(RECORDS SUPPLIED Opens)

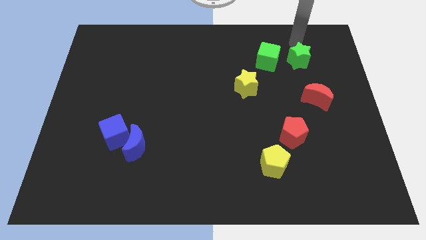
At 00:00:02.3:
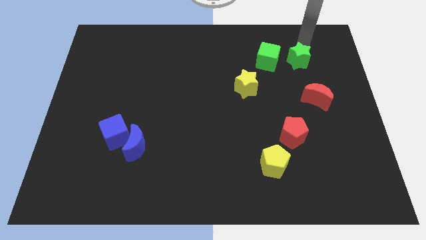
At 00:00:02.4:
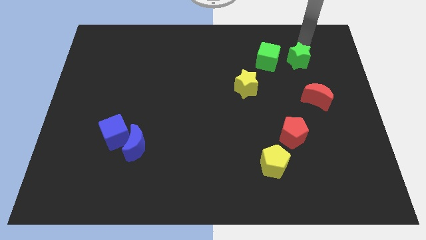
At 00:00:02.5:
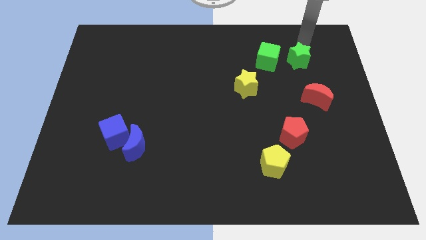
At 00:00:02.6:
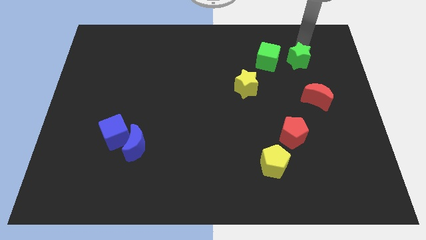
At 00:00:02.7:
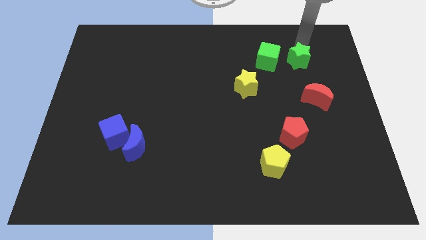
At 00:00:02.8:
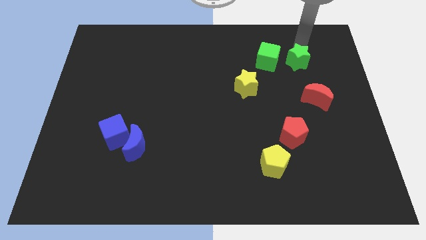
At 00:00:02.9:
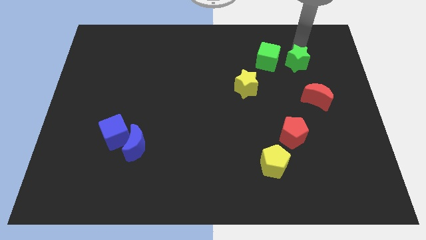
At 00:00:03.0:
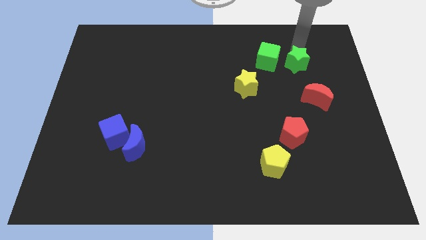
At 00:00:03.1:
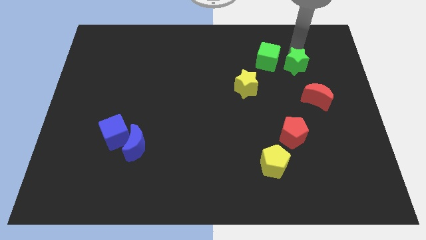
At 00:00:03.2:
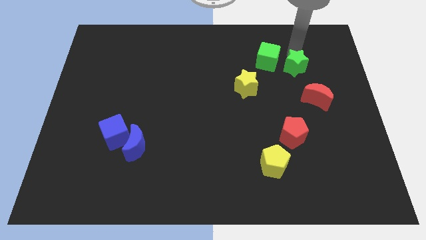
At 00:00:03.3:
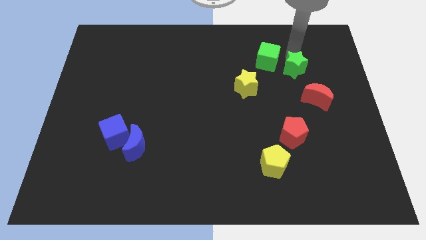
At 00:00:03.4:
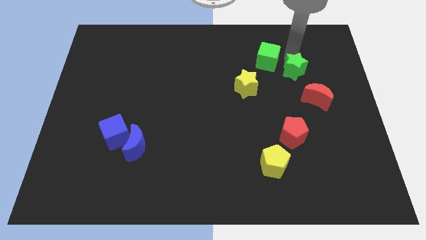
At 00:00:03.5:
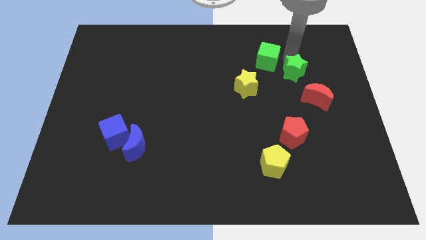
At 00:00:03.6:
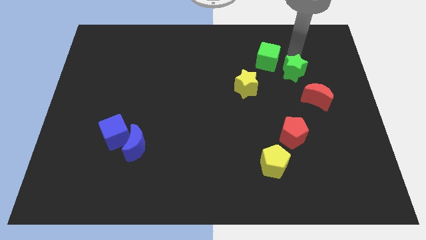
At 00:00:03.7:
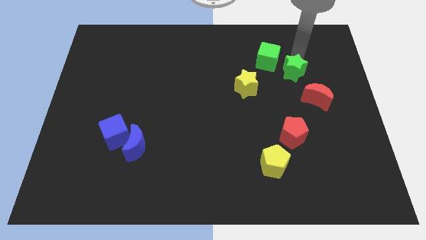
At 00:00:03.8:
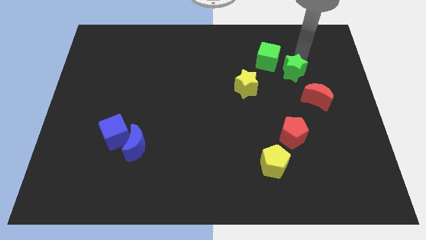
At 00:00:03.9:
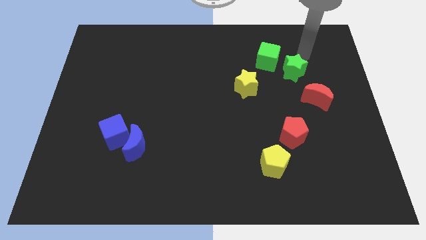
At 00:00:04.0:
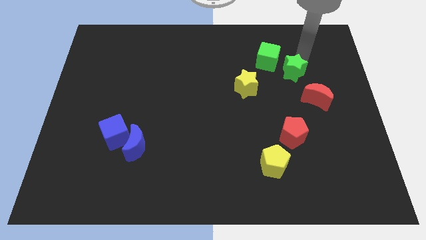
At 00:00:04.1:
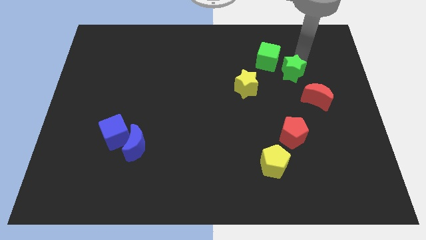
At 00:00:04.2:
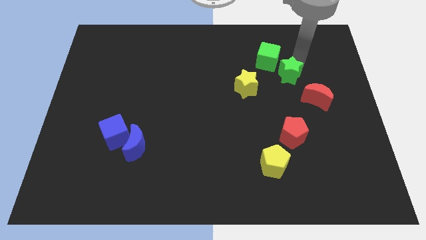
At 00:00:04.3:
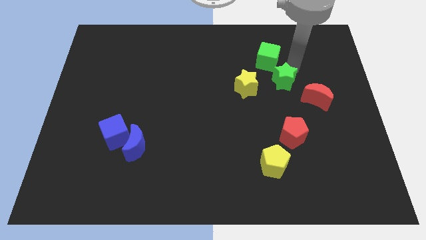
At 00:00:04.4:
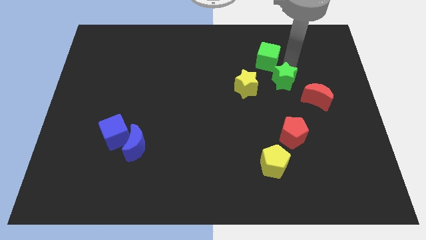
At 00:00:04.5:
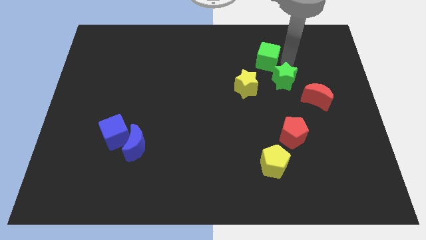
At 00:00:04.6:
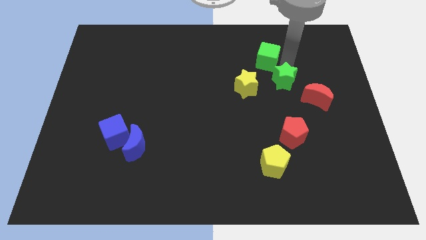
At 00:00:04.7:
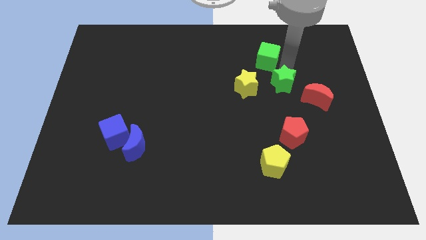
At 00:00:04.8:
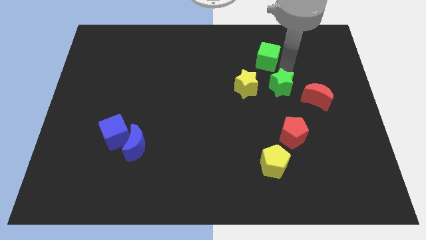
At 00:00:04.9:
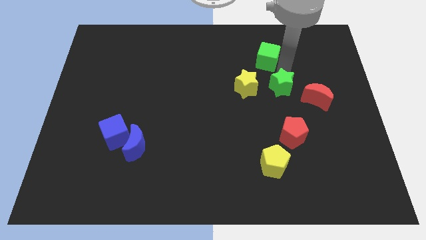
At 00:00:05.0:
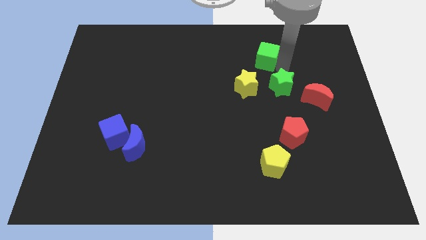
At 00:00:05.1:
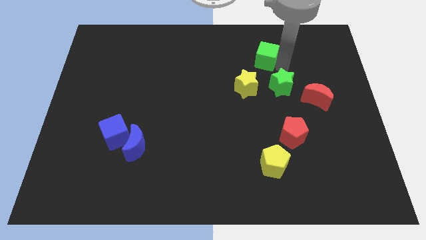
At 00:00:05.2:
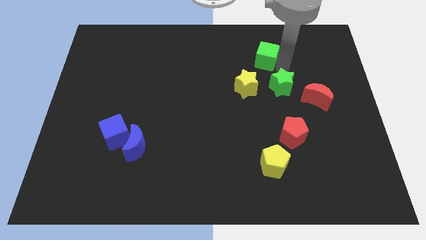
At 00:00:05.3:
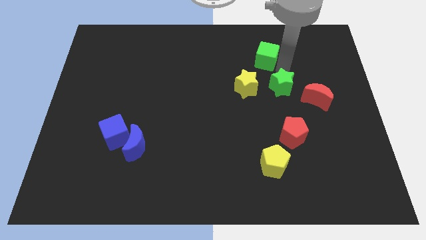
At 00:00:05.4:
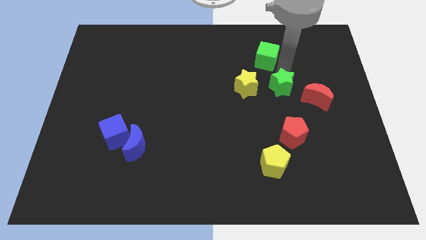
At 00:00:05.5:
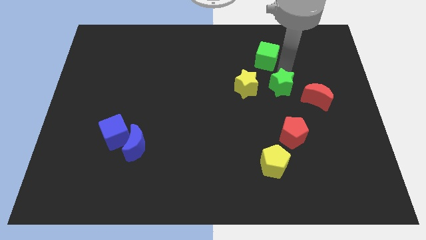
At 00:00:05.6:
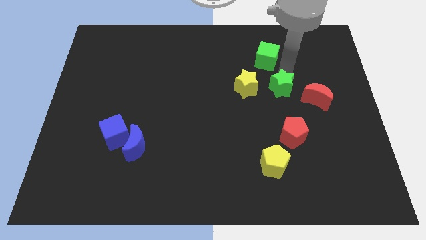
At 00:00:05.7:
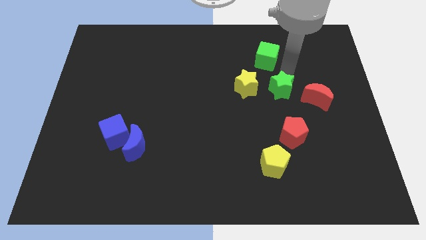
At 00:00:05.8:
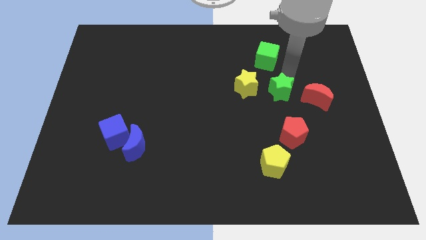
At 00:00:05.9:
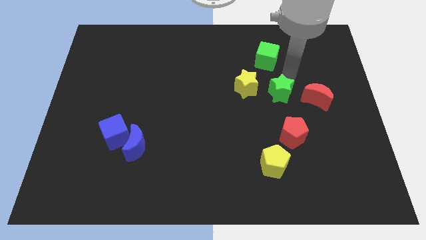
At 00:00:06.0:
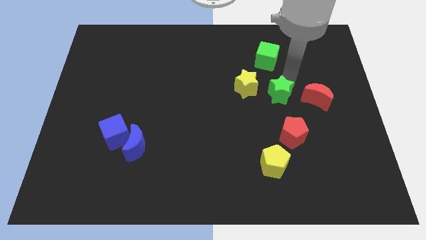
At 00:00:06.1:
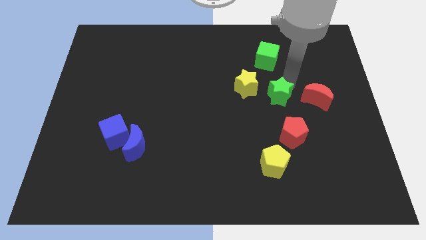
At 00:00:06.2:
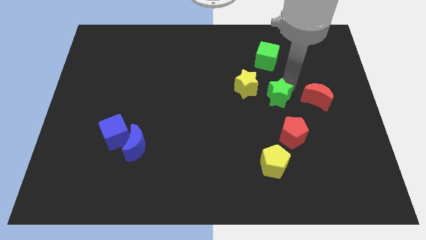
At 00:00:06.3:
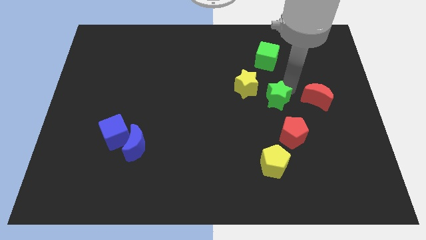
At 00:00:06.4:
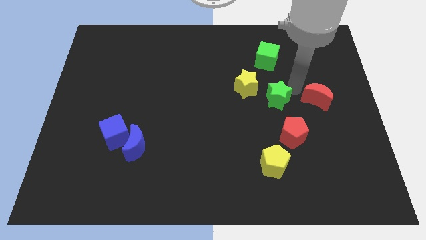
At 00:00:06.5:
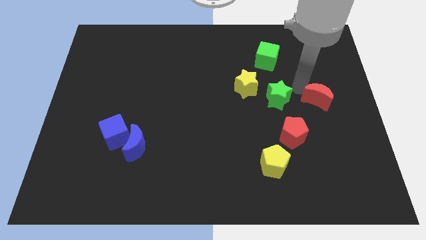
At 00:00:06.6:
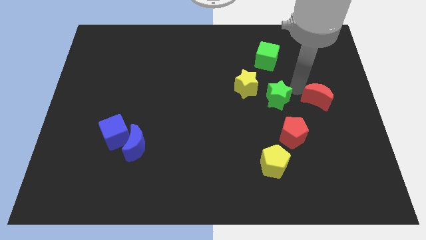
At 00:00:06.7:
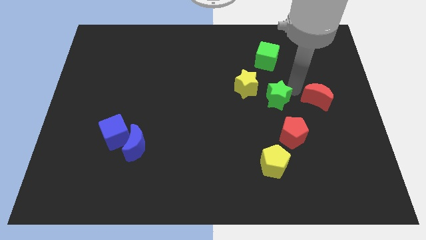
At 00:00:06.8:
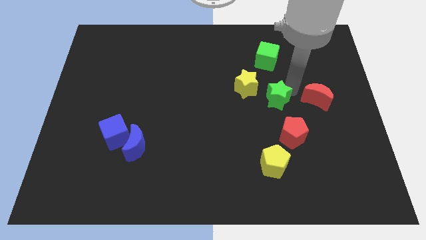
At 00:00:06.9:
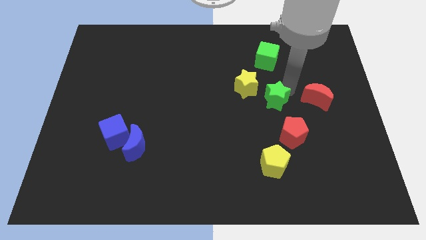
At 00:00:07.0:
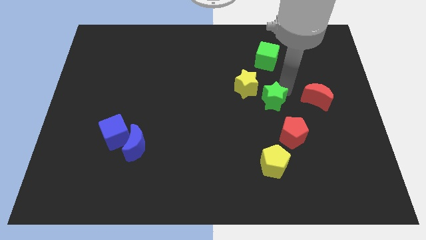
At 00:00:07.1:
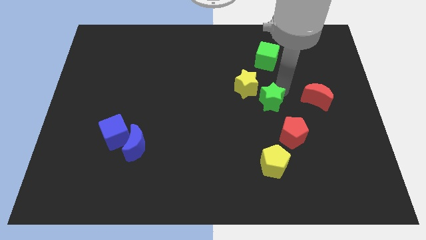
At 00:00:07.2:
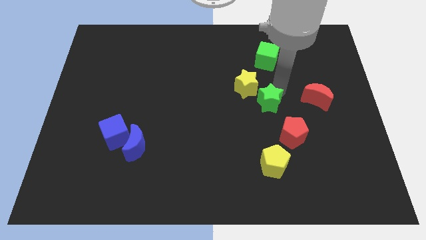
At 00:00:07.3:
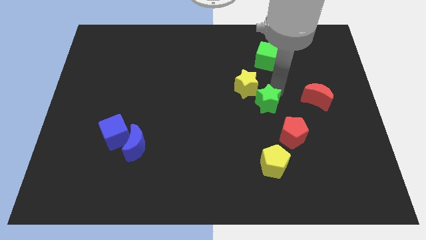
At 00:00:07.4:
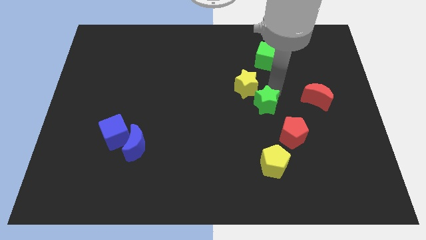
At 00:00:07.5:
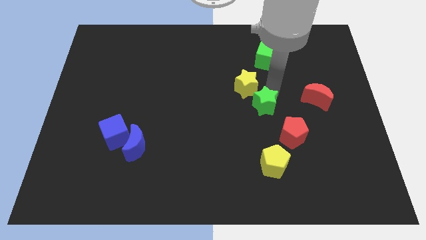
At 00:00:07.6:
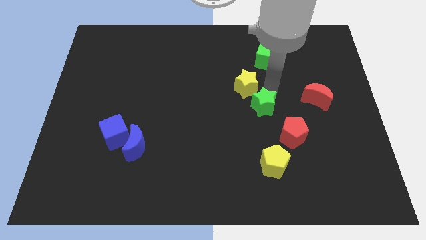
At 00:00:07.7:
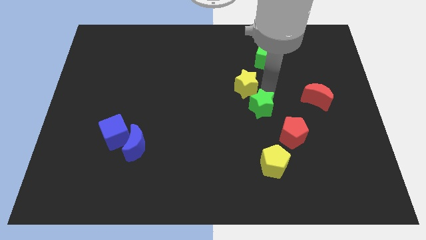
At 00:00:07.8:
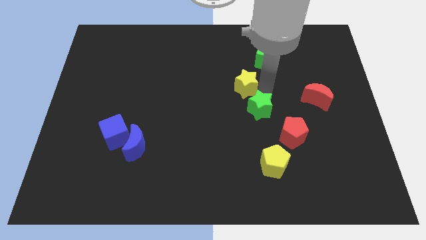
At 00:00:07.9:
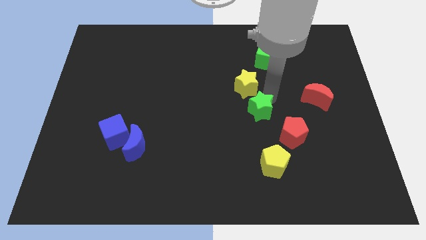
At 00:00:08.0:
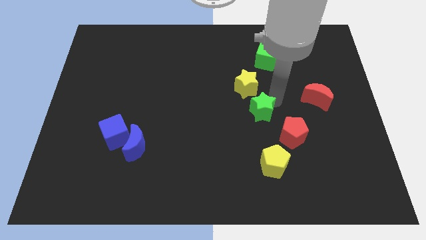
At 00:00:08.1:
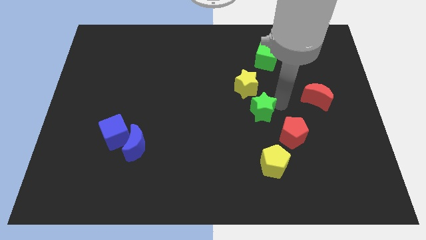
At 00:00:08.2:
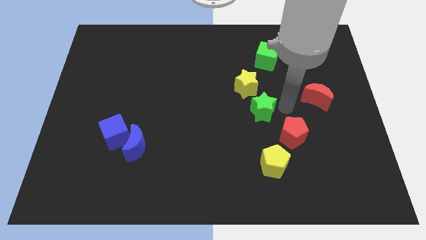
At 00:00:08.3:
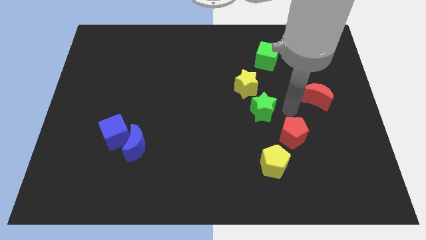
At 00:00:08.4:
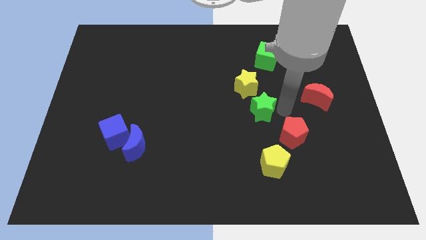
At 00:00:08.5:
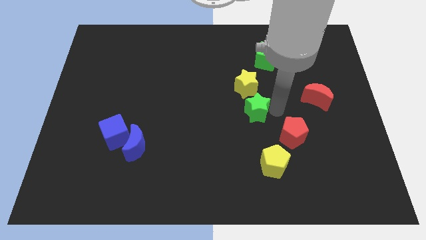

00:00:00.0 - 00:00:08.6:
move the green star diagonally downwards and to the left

(RECORDS SUPPLIED Closes)

§ TO DO:
Retype the full listing exactly; pictures stay out.

§ ANSWER AREA:
At 00:00:02.3:
At 00:00:02.4:
At 00:00:02.5:
At 00:00:02.6:
At 00:00:02.7:
At 00:00:02.8:
At 00:00:02.9:
At 00:00:03.0:
At 00:00:03.1:
At 00:00:03.2:
At 00:00:03.3:
At 00:00:03.4:
At 00:00:03.5:
At 00:00:03.6:
At 00:00:03.7:
At 00:00:03.8:
At 00:00:03.9:
At 00:00:04.0:
At 00:00:04.1:
At 00:00:04.2:
At 00:00:04.3:
At 00:00:04.4:
At 00:00:04.5:
At 00:00:04.6:
At 00:00:04.7:
At 00:00:04.8:
At 00:00:04.9:
At 00:00:05.0:
At 00:00:05.1:
At 00:00:05.2:
At 00:00:05.3:
At 00:00:05.4:
At 00:00:05.5:
At 00:00:05.6:
At 00:00:05.7:
At 00:00:05.8:
At 00:00:05.9:
At 00:00:06.0:
At 00:00:06.1:
At 00:00:06.2:
At 00:00:06.3:
At 00:00:06.4:
At 00:00:06.5:
At 00:00:06.6:
At 00:00:06.7:
At 00:00:06.8:
At 00:00:06.9:
At 00:00:07.0:
At 00:00:07.1:
At 00:00:07.2:
At 00:00:07.3:
At 00:00:07.4:
At 00:00:07.5:
At 00:00:07.6:
At 00:00:07.7:
At 00:00:07.8:
At 00:00:07.9:
At 00:00:08.0:
At 00:00:08.1:
At 00:00:08.2:
At 00:00:08.3:
At 00:00:08.4:
At 00:00:08.5:

00:00:00.0 - 00:00:08.6:
move the green star diagonally downwards and to the left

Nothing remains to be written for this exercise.